2. This air, driving the vapour everywhere as it rushes along, produces gales and constantly increasing currents by its mighty blasts. Wherever the winds carry the vapour which rolls in masses from springs, rivers, marshes, and the sea, it is brought together by the heat of the sun, drawn off, and carried upward in the form of clouds; then these clouds are supported by the current of air until they come to mountains, where they are broken up from the shock of the collision and the gales, turn into water on account of their own fullness and weight, and in that form are dispersed upon the earth.

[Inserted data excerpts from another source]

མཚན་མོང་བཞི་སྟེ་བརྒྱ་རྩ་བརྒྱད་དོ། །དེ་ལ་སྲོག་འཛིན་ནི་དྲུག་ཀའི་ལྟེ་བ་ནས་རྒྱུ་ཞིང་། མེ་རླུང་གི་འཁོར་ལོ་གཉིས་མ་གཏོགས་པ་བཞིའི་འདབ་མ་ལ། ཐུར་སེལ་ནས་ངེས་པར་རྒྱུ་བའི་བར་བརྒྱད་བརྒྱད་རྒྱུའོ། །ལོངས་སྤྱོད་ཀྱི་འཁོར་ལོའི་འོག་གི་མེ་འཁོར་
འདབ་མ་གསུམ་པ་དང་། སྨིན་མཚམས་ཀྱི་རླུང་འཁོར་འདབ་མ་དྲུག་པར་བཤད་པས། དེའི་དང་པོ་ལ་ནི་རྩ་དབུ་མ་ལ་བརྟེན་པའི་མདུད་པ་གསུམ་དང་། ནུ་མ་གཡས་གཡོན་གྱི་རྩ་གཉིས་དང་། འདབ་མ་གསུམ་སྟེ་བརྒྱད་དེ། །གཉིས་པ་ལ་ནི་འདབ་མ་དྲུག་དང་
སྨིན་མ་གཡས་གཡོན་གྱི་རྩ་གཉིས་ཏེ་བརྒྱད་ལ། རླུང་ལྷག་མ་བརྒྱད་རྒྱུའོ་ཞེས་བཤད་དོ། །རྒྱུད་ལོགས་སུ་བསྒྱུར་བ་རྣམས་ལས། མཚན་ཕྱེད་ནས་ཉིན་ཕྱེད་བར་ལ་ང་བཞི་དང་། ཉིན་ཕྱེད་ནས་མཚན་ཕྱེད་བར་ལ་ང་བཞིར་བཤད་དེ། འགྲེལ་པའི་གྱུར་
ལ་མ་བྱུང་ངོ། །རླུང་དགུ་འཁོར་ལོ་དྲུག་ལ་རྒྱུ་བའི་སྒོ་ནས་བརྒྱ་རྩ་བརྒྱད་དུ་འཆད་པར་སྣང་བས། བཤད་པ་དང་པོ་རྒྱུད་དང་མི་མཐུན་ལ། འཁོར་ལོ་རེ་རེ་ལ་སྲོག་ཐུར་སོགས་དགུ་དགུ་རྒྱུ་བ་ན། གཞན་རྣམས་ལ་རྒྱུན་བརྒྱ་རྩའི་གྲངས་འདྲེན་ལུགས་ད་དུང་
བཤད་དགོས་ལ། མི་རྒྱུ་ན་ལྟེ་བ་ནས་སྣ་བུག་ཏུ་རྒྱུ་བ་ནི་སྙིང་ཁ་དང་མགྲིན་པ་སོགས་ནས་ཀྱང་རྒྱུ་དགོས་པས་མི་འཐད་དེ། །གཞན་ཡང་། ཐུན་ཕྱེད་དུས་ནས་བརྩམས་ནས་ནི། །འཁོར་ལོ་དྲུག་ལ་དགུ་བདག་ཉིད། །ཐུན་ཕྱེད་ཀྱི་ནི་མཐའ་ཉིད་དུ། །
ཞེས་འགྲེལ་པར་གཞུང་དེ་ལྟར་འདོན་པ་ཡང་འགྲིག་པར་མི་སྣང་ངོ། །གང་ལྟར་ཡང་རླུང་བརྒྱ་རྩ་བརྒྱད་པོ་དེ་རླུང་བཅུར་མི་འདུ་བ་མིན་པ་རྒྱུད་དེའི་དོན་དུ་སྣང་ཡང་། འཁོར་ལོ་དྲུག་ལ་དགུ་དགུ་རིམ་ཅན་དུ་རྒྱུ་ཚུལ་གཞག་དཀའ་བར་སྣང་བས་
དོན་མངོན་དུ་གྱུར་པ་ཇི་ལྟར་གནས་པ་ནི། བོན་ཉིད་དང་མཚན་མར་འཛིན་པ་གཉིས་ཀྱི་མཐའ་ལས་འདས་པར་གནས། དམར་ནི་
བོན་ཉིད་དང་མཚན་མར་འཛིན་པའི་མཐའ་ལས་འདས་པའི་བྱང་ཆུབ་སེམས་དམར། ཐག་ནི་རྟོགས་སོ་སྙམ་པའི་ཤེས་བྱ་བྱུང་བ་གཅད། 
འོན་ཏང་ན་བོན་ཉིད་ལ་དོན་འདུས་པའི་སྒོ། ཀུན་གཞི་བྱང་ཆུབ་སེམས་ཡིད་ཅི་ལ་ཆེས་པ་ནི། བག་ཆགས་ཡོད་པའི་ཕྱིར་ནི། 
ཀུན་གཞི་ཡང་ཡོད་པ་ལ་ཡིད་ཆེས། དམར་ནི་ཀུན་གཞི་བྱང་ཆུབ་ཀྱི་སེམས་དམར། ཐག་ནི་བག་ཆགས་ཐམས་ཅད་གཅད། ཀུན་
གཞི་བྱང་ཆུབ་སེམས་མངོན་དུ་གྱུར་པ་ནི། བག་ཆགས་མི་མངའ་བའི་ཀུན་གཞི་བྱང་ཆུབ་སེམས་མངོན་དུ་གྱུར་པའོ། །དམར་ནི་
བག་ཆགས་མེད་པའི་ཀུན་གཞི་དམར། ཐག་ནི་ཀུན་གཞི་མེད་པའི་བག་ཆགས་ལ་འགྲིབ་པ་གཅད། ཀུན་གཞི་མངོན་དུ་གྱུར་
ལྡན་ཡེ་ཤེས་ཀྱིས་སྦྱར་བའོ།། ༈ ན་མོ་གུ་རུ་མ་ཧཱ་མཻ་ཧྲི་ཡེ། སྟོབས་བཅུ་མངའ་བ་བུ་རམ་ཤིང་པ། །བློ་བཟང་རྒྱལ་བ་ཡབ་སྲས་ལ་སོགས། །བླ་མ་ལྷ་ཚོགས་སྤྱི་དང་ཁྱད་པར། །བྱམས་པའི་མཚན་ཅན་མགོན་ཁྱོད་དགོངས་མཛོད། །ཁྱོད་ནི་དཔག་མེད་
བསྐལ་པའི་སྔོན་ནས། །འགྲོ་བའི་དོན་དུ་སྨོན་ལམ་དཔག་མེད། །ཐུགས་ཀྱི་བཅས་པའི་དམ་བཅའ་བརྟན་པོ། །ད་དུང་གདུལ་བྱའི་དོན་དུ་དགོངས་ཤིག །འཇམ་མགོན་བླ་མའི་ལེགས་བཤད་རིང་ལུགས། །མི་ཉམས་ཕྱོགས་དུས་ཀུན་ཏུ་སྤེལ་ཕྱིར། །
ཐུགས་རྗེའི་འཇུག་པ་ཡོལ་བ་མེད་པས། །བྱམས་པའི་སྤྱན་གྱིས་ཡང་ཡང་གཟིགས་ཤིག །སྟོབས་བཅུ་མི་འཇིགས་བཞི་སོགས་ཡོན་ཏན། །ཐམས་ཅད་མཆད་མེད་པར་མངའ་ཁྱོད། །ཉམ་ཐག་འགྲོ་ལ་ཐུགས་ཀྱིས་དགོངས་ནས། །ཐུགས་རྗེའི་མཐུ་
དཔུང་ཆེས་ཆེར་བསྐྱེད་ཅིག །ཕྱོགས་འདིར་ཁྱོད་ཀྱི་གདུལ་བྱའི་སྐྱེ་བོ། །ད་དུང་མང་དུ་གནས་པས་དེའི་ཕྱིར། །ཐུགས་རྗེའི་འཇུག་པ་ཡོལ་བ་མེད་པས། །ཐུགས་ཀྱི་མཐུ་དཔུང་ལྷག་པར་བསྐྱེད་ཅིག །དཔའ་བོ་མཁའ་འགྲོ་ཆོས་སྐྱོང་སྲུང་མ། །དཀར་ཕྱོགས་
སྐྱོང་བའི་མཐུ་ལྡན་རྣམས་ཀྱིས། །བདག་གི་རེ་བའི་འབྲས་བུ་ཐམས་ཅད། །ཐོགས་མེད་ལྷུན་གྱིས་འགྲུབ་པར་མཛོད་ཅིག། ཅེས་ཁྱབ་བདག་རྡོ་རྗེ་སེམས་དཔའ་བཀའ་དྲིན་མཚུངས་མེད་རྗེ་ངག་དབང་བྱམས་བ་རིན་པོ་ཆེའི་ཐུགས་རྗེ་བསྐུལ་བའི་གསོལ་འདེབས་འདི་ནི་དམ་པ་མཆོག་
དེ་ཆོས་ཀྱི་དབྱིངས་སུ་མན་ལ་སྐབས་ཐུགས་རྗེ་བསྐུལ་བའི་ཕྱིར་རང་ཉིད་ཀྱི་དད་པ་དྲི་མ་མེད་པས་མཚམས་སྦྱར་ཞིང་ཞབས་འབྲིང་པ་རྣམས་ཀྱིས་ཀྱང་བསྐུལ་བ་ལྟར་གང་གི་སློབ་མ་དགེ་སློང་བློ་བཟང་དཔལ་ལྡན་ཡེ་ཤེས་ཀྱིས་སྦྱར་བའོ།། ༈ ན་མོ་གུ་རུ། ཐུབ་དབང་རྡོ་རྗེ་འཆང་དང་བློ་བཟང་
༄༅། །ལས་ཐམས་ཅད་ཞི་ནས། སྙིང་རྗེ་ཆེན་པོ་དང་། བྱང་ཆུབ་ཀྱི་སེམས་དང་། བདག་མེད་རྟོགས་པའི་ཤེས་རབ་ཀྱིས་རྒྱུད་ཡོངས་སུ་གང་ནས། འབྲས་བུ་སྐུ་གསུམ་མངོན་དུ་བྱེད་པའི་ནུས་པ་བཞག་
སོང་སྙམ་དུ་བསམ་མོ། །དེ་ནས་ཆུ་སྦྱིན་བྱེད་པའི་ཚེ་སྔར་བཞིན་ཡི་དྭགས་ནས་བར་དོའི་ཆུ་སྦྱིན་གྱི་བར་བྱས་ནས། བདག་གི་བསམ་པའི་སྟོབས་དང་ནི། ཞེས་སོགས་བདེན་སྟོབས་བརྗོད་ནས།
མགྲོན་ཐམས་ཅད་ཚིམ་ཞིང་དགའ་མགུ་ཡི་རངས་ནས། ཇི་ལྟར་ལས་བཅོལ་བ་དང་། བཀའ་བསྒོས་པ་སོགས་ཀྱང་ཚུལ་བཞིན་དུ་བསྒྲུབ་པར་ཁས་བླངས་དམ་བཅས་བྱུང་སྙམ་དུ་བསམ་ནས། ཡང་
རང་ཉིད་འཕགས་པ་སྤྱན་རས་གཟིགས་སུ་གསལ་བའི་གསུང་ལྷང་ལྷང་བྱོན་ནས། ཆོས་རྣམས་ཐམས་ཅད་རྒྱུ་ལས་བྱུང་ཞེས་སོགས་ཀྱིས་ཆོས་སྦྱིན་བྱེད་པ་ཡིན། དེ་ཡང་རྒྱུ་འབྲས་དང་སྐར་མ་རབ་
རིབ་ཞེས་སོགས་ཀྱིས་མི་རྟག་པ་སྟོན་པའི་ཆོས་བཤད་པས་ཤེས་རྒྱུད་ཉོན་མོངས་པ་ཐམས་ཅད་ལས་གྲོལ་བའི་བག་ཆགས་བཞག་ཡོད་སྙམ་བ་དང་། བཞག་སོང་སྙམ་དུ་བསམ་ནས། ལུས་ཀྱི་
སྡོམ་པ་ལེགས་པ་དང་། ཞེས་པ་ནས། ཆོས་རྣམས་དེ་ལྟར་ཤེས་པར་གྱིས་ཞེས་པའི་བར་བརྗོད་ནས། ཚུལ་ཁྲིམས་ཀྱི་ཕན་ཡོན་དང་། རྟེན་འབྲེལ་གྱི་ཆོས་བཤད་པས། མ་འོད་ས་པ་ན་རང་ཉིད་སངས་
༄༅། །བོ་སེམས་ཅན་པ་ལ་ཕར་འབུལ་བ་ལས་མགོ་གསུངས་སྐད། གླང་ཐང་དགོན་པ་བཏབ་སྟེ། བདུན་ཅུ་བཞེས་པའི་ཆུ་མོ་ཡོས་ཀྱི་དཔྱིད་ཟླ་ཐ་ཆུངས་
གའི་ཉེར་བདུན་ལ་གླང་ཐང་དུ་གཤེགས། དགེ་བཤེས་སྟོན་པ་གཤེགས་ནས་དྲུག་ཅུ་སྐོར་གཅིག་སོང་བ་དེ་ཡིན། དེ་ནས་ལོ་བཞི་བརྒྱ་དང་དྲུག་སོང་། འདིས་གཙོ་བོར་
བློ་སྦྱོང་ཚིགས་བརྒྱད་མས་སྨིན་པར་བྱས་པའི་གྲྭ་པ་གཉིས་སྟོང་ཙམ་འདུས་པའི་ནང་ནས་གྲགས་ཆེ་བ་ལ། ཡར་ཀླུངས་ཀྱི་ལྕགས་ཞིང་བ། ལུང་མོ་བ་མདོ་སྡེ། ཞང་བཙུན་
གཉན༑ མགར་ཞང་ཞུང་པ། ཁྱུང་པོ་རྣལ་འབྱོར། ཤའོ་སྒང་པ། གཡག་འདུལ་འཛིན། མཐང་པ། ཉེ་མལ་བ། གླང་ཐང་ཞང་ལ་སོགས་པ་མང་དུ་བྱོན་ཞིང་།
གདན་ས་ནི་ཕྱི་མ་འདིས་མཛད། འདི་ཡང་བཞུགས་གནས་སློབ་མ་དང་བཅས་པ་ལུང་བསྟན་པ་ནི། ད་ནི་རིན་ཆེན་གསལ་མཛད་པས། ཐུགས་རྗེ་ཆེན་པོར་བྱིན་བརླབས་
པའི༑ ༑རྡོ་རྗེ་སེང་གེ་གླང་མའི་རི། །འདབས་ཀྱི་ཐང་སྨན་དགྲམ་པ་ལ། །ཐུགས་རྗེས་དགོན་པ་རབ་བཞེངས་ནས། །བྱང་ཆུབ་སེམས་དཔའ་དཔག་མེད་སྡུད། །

3. That vapour, mists, and humidity come forth from the earth, seems due to the reason that it contains burning heat, mighty currents of air, intense cold, and a great quantity of water. So, as soon as the earth, which has cooled off during the night, is struck by the rays of the rising sun, and the winds begin to blow while it is yet dark, mists begin to rise upward from damp places. That the air when thoroughly heated by the sun can make vapours rise rolling up from the earth, may be seen by means of an example drawn from baths.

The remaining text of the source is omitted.